Thanks to Mike McNally of Callawassie Island for sharing his tongue-in-cheek look at politics after following the "American Idol" television show.

"White House Idol"

By Mike McNally

The recent excitement of "American Idol" had Beaufort County and the entire nation voting with enthusiasm after watching candidate performances. The beauty of the show is that a winner was selected in just a few months. No nasty ads, no constant talk show rants, no expensive campaigns and roadside sign litter -- and all done with a few TV shows and voting. Sure, you can vote twice, even a lot more than that if you want to, but so what?

U.S. politics has become a grueling mix of constant political rhetoric and gamesmanship. Politics has been a major social disruption, and in the end, there's an election left up to the long and often disputed methodology of the Electoral College to decide the winner.

This raises the question as to why we shouldn't just get rid of the Electoral College and adopt the tremendously successful and interesting "American Idol" program for national politics. Yes, let's have White House Idol.

Use the same rules as the show, with a few twists to make it more interesting and to keep it honest.

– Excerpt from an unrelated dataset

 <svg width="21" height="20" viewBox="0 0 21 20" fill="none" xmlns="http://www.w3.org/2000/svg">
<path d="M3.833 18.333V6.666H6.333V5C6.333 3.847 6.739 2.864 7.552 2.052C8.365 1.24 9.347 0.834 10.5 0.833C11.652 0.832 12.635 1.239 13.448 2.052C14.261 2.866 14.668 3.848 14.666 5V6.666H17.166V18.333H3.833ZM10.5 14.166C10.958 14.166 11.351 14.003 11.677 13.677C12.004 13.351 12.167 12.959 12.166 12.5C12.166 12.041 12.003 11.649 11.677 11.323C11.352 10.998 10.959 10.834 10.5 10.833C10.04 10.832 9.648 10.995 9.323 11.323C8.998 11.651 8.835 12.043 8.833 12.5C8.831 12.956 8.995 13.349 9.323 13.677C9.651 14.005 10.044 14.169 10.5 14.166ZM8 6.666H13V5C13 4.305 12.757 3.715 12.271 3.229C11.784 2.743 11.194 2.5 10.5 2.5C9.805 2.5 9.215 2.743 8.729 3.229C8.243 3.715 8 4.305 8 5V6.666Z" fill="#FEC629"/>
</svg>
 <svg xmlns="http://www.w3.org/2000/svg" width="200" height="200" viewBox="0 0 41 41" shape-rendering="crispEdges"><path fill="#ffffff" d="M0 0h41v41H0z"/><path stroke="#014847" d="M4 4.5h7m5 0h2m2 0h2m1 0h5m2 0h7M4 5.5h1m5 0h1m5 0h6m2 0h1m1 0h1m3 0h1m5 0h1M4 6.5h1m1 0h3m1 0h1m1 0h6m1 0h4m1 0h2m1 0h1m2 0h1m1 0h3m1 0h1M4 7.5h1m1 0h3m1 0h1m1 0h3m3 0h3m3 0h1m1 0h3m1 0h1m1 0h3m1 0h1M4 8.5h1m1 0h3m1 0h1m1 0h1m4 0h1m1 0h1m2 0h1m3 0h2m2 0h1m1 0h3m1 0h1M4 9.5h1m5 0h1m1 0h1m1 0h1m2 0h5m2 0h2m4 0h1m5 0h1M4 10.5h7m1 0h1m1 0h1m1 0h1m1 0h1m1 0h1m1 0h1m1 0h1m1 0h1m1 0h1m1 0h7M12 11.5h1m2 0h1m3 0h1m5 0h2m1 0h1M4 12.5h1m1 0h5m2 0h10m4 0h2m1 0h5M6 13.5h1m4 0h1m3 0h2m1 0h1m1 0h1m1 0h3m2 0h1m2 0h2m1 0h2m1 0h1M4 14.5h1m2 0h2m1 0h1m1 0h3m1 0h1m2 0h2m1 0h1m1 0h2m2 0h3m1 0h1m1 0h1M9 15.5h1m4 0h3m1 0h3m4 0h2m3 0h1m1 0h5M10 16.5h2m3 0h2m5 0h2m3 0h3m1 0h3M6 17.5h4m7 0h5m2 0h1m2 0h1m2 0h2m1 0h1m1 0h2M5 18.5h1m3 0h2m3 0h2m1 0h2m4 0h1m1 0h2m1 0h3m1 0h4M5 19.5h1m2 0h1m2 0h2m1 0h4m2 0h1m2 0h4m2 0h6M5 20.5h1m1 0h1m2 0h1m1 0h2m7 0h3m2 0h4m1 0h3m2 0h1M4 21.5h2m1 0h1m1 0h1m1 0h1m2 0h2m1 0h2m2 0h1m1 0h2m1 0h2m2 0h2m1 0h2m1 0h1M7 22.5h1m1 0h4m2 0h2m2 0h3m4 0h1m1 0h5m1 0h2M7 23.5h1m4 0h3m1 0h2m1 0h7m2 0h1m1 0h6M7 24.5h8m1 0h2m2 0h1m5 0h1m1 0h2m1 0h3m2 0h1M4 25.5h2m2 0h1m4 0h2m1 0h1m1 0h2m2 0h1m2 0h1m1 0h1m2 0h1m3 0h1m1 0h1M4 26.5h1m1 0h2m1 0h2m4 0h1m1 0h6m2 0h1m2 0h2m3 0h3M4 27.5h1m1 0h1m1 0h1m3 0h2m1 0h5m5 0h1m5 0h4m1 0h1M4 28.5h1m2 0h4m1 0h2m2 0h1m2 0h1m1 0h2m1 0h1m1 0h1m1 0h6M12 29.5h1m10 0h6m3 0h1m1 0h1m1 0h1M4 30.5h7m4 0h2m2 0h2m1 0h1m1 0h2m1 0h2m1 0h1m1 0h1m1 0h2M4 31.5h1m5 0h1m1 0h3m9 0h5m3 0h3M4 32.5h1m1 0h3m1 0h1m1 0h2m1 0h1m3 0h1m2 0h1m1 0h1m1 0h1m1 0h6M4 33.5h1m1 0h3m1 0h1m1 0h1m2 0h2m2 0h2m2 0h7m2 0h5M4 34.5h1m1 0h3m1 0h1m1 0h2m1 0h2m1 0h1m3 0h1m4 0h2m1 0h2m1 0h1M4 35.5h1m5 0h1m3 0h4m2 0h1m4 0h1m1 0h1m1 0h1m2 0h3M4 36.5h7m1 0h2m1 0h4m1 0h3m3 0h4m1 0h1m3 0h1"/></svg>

Let the panel of judges be one biased commentator from each network ... each can say whatever he or she wants ... "You're in it to win it!"; "My leg is tingling!" or whatever, but the call-in votes decide.

OK, how do we cut out the underaged voters? We don't. To make everything perfectly fair, anyone who has enough interest to vote can vote. If you want to run up the votes, just like the fans do on "American Idol," go for it. Let the PACs spend whatever they want on voting ... hey, it's the American way. Everybody is involved, everybody decides, and the winner will be the top vote-getter. No political parties, no more election garbage cluttering our media, minds, and roadways.

The candidates could do whatever they want when they are in the spotlight: talk, expound their political credentials or experience; they can also sing, dance, tell lies, or whatever they think it will take to make them the White House Idol.

Here's a good idea for when it gets to the Final Two. The panel of judges gets to ask each of the two remaining candidates questions, about anything, including what they may have said in earlier competitions. But the contestants have to be hooked up to a lie detector, so viewers can see the Truth-Lie results of any question. A lie might not be all that bad; as a matter of fact some folks might like the answer.

The rules should allow, or even encourage, lying to make the contestants more comfortable and the competition more politically familiar. Then the public can be left to pass the judgment via their votes, with complete knowledge of what the lies were. Now wouldn't that be refreshing?

I don't know about you, but I'm ready for White House Idol.